Informazioni:
Non era assolutamente nostra intenzione aprire una via nuova (e probabilmente
neanche l'abbiamo aperta), a maggior ragione sulla parete nord delle Courtes !
Comunque è stato un bellissimo viaggio e 2 sono gli errori che ci hanno permesso
di farlo: primo, scarso studio della via la sera prima col binocolo dal rifugio,
secondo non aver portato la relazione della parete.
Partiamo alle 2.30 dal Ref. Argentiere per fare la Via degli Austriaci (D+, III,
1). Nessuna traccia presente fino alla crepaccia, saliamo dritti il pendio di
neve iniziale a 55°, si viaggia in conserva, troppa neve, prima a sx poi a dx
come da relazione "in testa" e fino alla costola rocciosa. Non vedo il passaggio
che riparte sulla sx e continuo ad attraversare sulla dx. A sx comunque tanta
neve con impossibilità di assicurarsi. Ci ritroviamo sulla Via degli Svizzeri (TD-,
IV, 3), una splendida cascata di ghiaccio davanti a noi, si può finalmente
mettere qualche chiodo. Saliamo soddisfatti per tre tiri, il ghiaccio, dove c'è
è morbido. Arriviamo sotto le rocce. Se attraversiamo dove va la Via degli
Svizzeri dobbiamo attraversare delle placche con ghiaccio sottile e bagnato.

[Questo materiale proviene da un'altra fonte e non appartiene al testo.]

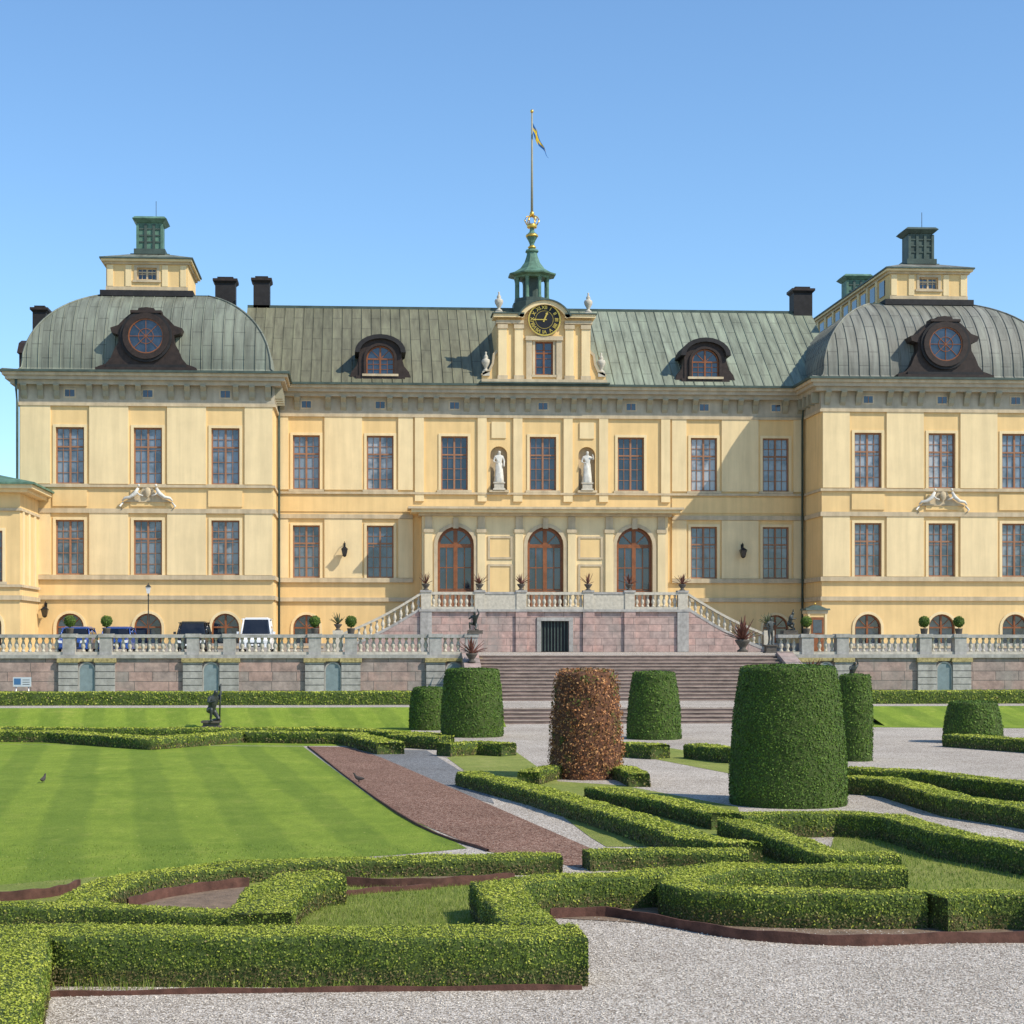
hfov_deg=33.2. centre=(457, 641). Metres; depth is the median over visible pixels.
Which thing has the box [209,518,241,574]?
window
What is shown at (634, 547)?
door
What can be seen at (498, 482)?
statue
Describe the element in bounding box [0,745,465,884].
lawn
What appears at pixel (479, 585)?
potted agave
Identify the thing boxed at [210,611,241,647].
window
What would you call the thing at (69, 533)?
window
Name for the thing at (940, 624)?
window
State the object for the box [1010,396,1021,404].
mezzanine window
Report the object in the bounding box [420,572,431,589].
potted agave
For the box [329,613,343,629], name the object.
potted agave
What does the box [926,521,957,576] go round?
window
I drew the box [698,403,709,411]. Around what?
mezzanine window
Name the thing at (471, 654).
potted agave
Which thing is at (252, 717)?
grass bank
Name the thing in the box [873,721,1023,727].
lawn
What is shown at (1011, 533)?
window
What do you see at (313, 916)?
parterre grass
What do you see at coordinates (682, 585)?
potted agave
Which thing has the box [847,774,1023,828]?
box hedge
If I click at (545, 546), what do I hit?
door
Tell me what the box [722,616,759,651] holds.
potted agave
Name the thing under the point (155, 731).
box hedge
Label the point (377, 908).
grass
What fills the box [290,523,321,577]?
window
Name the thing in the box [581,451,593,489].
statue
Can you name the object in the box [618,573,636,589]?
potted agave
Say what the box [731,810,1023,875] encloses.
box hedge
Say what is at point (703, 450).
window
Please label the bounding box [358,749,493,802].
slate gravel path
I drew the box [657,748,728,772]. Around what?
parterre grass
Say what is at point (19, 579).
palace wing
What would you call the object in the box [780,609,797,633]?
bronze statue
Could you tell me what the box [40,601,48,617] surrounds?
wall lantern
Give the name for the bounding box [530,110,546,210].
flagpole
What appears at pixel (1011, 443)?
window
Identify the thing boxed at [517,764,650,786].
box hedge
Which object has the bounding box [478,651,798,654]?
terrace
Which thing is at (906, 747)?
ground
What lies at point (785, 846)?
box hedge
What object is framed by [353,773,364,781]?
bird
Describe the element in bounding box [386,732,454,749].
box hedge
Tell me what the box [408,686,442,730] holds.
topiary yew
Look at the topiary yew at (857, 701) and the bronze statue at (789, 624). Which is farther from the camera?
the bronze statue at (789, 624)
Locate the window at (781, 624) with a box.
[760,613,791,647]
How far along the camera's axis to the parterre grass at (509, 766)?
35.69 m
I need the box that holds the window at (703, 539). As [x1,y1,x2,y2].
[688,524,719,578]
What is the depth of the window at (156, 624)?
100.32 m
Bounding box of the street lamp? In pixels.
[146,583,150,651]
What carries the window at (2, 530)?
in the palace wing
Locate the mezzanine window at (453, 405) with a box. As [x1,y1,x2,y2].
[449,401,459,409]
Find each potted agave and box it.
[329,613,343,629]
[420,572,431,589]
[458,637,486,662]
[471,574,486,589]
[516,574,530,589]
[581,573,592,589]
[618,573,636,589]
[672,573,688,589]
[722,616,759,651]
[758,612,776,630]
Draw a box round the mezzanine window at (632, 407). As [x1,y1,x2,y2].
[625,402,636,411]
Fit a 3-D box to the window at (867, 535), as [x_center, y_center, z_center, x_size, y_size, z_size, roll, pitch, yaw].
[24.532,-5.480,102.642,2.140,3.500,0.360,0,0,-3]
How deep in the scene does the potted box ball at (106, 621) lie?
75.39 m
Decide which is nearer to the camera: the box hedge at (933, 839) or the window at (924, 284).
the box hedge at (933, 839)
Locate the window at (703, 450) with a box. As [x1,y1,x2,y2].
[687,435,720,493]
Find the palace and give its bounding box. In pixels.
[0,211,1023,651]
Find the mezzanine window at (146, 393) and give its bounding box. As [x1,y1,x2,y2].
[142,389,153,397]
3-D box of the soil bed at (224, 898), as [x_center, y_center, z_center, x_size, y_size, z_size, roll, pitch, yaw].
[-3.216,3.022,20.588,1.350,0.001,2.480,0,0,-3]
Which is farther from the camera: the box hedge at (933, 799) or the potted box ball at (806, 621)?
the potted box ball at (806, 621)
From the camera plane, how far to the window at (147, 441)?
100.32 m
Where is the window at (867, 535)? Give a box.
[850,520,885,576]
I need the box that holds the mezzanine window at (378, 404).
[374,400,385,409]
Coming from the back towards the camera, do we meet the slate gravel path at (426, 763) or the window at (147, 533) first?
the window at (147, 533)
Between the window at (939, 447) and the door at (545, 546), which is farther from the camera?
the door at (545, 546)
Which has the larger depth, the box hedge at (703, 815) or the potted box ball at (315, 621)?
the potted box ball at (315, 621)
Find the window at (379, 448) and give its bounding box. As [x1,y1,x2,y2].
[363,433,397,491]
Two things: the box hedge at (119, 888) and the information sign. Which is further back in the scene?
the information sign
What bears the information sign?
on the grass strip
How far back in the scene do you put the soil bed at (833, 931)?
17.98 m
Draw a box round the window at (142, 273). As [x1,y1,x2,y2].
[133,265,160,282]
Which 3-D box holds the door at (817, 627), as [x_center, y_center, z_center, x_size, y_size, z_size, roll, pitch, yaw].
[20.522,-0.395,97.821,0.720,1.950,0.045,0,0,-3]
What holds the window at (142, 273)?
in the palace
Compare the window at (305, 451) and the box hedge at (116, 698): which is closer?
the box hedge at (116, 698)
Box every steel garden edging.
[0,879,80,900]
[50,984,581,996]
[127,877,248,904]
[307,746,488,851]
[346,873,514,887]
[346,884,430,895]
[550,906,1023,945]
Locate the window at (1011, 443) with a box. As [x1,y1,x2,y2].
[998,431,1023,488]
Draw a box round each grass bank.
[0,707,505,727]
[873,706,1023,725]
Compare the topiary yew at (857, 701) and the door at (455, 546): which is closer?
the topiary yew at (857, 701)
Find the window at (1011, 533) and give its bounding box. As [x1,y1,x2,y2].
[999,521,1023,576]
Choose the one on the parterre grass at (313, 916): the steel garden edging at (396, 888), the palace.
the steel garden edging at (396, 888)
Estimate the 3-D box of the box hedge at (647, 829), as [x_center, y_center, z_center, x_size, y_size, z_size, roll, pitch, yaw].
[2.004,2.877,29.612,0.938,0.358,13.418,0,0,-15]
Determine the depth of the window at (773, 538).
106.50 m
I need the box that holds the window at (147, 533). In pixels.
[131,517,164,574]
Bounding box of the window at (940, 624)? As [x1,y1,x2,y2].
[926,612,957,647]
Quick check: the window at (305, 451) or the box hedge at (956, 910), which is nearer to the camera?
the box hedge at (956, 910)
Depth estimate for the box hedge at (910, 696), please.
67.98 m
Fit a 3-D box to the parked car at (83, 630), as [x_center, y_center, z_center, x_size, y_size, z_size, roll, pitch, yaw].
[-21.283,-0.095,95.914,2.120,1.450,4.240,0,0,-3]
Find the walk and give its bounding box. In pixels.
[0,700,1023,720]
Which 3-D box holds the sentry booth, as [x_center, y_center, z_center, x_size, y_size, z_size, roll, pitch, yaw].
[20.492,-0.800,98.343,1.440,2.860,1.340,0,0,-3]
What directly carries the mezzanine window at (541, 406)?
in the palace
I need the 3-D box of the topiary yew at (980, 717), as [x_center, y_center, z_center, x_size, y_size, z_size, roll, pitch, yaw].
[15.423,2.410,51.297,1.817,1.315,1.812,0,0,-3]
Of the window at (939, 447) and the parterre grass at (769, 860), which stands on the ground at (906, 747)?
the parterre grass at (769, 860)
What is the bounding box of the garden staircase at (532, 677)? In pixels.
[461,652,802,723]
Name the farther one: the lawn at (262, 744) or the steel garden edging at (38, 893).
the lawn at (262, 744)
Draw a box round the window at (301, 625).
[290,612,323,647]
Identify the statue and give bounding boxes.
[201,684,221,726]
[467,609,482,633]
[493,451,504,489]
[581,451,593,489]
[763,618,777,652]
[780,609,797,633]
[849,659,858,673]
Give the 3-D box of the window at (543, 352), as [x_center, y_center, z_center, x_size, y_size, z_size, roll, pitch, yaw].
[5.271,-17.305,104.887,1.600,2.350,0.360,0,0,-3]
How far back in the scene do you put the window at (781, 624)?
106.48 m
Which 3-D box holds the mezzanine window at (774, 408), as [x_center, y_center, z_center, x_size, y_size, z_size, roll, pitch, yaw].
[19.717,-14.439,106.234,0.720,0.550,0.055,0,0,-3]
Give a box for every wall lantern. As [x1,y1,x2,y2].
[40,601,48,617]
[341,541,347,556]
[739,543,746,557]
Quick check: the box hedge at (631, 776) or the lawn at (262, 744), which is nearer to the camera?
the box hedge at (631, 776)
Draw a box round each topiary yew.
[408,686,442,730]
[440,667,503,737]
[547,667,625,779]
[625,670,681,739]
[728,663,848,808]
[838,673,873,761]
[942,700,1003,736]
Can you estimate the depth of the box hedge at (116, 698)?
66.33 m
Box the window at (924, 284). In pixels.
[915,275,942,291]
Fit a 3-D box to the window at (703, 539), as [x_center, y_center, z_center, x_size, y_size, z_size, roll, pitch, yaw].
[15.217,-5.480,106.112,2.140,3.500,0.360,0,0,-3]
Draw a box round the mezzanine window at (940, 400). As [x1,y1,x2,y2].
[936,396,947,404]
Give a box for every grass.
[0,835,1023,990]
[0,876,260,909]
[300,885,476,926]
[447,752,739,846]
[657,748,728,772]
[755,856,783,864]
[832,837,1023,890]
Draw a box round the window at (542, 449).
[526,434,559,492]
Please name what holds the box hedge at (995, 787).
on the parterre grass
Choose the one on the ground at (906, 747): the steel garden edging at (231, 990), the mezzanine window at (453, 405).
the steel garden edging at (231, 990)
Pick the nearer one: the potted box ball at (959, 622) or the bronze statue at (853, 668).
the bronze statue at (853, 668)
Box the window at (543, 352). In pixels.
[531,340,556,376]
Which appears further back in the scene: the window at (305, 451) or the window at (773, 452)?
the window at (773, 452)
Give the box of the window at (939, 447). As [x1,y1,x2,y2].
[924,430,959,488]
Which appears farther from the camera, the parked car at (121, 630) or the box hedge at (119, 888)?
the parked car at (121, 630)
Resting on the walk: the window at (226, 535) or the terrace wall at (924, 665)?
the terrace wall at (924, 665)
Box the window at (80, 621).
[52,611,85,647]
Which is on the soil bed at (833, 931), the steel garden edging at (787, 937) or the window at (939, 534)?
the steel garden edging at (787, 937)
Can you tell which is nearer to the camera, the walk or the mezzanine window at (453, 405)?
the walk
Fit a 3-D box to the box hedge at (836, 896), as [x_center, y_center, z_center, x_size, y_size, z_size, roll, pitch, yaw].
[3.702,2.821,19.360,2.895,0.450,2.727,0,0,9]
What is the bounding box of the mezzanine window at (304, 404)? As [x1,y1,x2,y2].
[300,400,311,408]
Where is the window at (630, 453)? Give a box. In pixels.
[614,435,647,492]
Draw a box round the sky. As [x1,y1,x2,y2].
[0,0,1023,478]
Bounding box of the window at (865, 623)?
[852,611,885,647]
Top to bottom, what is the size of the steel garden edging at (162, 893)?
0.128 m
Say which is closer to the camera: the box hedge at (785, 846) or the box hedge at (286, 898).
the box hedge at (286, 898)
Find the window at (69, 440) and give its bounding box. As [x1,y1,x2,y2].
[51,424,86,483]
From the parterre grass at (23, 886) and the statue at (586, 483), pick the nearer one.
the parterre grass at (23, 886)
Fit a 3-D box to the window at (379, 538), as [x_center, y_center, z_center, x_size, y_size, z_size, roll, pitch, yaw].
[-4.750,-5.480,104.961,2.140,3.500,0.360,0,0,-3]
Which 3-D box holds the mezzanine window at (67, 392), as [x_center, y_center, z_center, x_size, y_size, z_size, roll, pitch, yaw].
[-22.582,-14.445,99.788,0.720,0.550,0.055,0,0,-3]
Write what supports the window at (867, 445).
in the palace
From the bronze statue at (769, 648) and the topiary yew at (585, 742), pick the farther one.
the bronze statue at (769, 648)
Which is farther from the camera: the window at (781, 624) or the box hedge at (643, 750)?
the window at (781, 624)
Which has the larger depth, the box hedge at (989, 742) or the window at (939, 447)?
the window at (939, 447)
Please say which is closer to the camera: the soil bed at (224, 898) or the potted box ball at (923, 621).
the soil bed at (224, 898)
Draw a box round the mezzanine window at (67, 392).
[63,388,75,397]
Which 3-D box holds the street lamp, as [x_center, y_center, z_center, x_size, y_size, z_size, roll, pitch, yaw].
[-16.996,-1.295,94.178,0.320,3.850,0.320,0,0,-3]
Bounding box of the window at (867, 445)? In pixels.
[852,430,885,488]
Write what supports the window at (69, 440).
in the palace
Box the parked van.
[237,617,274,651]
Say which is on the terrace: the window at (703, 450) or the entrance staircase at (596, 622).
the entrance staircase at (596, 622)
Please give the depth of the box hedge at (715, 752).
43.41 m
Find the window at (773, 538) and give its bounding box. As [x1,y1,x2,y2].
[760,524,791,578]
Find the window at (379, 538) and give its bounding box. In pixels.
[364,523,395,577]
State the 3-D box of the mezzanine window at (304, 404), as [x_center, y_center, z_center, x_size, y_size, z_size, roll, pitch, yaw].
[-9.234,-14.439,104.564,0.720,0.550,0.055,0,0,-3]
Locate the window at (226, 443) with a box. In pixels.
[207,425,243,484]
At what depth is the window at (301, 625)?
104.80 m
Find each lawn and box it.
[0,727,410,745]
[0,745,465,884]
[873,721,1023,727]
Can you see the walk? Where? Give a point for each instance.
(624, 704)
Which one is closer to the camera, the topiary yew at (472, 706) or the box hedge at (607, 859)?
the box hedge at (607, 859)
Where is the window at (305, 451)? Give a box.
[289,432,323,491]
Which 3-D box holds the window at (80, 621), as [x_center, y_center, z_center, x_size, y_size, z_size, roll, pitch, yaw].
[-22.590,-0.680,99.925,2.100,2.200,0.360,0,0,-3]
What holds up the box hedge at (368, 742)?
on the lawn at (262, 744)
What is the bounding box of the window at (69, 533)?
[53,517,86,574]
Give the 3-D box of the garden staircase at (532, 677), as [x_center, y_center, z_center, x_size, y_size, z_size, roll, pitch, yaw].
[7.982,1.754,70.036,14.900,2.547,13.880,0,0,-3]
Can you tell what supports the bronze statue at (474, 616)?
on the terrace wall at (104, 667)
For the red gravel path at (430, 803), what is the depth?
30.81 m
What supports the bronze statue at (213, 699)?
on the lawn at (262, 744)
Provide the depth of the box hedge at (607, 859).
22.70 m
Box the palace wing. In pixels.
[0,475,53,651]
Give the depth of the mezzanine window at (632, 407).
105.70 m
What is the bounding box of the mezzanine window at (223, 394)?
[219,390,231,398]
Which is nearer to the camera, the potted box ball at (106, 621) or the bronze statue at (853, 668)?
the bronze statue at (853, 668)
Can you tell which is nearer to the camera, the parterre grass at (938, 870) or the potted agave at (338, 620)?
the parterre grass at (938, 870)
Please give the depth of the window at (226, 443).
100.56 m
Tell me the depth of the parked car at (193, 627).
95.53 m
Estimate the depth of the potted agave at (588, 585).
99.20 m
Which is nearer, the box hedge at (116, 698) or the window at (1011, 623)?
the box hedge at (116, 698)
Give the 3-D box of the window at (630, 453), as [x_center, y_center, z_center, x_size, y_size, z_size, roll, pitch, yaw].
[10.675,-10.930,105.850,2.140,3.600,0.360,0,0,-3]
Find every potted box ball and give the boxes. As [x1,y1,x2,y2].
[64,615,75,633]
[101,615,112,633]
[309,615,320,633]
[345,615,356,633]
[800,616,811,633]
[918,616,929,633]
[952,616,964,633]
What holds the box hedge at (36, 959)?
on the ground at (906, 747)
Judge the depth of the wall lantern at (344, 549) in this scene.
104.14 m
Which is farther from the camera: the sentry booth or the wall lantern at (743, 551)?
the wall lantern at (743, 551)
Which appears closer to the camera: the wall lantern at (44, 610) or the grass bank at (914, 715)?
the grass bank at (914, 715)
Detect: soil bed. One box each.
[141,887,244,907]
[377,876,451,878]
[564,907,1023,934]
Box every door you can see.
[438,527,473,606]
[527,528,562,606]
[617,528,651,606]
[811,617,823,650]
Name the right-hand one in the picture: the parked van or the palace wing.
the parked van
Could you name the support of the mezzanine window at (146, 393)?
in the palace
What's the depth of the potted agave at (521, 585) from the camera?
98.96 m
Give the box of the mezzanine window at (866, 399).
[862,395,873,403]
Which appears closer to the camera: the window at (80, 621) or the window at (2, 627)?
the window at (2, 627)
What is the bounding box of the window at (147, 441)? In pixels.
[129,425,165,484]
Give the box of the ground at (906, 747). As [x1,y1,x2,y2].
[0,723,1023,1023]
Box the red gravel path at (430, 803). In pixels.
[309,746,588,867]
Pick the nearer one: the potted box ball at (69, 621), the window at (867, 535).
the potted box ball at (69, 621)
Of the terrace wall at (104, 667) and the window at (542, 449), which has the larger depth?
the window at (542, 449)
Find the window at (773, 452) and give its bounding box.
[759,436,792,493]
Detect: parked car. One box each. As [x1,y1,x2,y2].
[58,626,96,651]
[98,627,135,651]
[173,621,211,651]
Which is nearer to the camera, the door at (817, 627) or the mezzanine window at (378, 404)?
the door at (817, 627)
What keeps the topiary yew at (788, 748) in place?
on the ground at (906, 747)
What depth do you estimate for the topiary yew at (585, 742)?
37.51 m
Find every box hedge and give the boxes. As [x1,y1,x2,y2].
[0,690,411,705]
[0,726,441,736]
[0,729,404,754]
[0,898,253,926]
[0,919,589,1023]
[54,849,562,903]
[226,868,347,926]
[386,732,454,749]
[436,740,516,756]
[454,770,762,862]
[466,860,757,925]
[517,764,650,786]
[581,845,748,870]
[583,786,738,829]
[622,741,669,758]
[656,859,928,928]
[683,743,730,762]
[716,818,901,865]
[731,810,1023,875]
[847,766,1023,801]
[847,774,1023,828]
[872,689,1023,703]
[920,888,1023,931]
[942,733,1023,752]
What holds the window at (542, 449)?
in the palace
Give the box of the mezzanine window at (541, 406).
[537,402,548,410]
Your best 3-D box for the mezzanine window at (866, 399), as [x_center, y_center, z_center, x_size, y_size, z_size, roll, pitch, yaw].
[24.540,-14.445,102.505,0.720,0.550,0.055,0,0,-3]
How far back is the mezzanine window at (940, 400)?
102.75 m
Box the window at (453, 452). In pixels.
[437,433,471,491]
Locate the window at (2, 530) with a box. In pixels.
[0,528,6,583]
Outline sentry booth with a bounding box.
[800,603,829,651]
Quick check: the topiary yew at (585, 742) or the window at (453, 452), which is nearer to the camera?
the topiary yew at (585, 742)
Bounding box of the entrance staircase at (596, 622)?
[333,590,773,651]
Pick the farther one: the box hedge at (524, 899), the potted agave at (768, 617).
the potted agave at (768, 617)
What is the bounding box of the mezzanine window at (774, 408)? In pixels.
[770,404,781,412]
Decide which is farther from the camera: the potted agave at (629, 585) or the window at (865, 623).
the window at (865, 623)
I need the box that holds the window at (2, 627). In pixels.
[0,615,5,647]
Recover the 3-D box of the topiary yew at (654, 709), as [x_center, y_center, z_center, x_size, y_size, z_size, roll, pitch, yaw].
[6.090,1.977,53.292,1.764,2.193,1.738,0,0,-3]
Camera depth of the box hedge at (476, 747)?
45.24 m
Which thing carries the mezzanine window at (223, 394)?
in the palace
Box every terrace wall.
[0,634,482,691]
[775,634,1023,689]
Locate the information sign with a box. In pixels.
[13,677,30,690]
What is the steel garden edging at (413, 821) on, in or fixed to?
on the red gravel path at (430, 803)
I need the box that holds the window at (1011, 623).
[999,612,1023,647]
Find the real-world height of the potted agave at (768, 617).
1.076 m
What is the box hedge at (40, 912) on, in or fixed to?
on the ground at (906, 747)
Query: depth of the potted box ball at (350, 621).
76.01 m
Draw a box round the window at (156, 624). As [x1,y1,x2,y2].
[131,611,165,647]
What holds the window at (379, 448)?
in the palace

Decidiamo di forzare dritti per un couloir di misto (IV, 4) e quindi placche
ghiacciate fino ad un couloir nevoso. Si prosegue ma il couloir ci porta
inesorabilmente verso la cresta NW. Saliamo quindi verso sinistra per una
goulotte di ghiaccio esile (50m, 4+) e sassi instabili. fino ad una placca
nevosa che porta in cresta. Qui percorriamo la cresta ghiacciata che sale dalla
NW e finalmente siamo in vetta ! Sono le 20.00 Ci affrettiamo prima del buio a
trovare la discesa per la Nord-Est. Una volta trovata, a cavalcioni sulla cresta
mangiamo qualcosa al tramonto e quindi col buio scendiamo con calma i 1000 metri
di dislivello che ci separano dal rifugio. Ci arriviamo alle 2, dopo quasi un
giro dell'orologio !! Al rifugio mangiamo qualcosa e due che stavano facendo
colazione prima di partire ci chiedono dove stavamo andando. A dormire, no ?
Perché l'abbiamo chiamata Via dei Bulgari ? Andate a vedere su
www.bulgariclimbing.com Eppoi
esisteva quella degli Svizzeri, degli Austriaci, ci stava bene.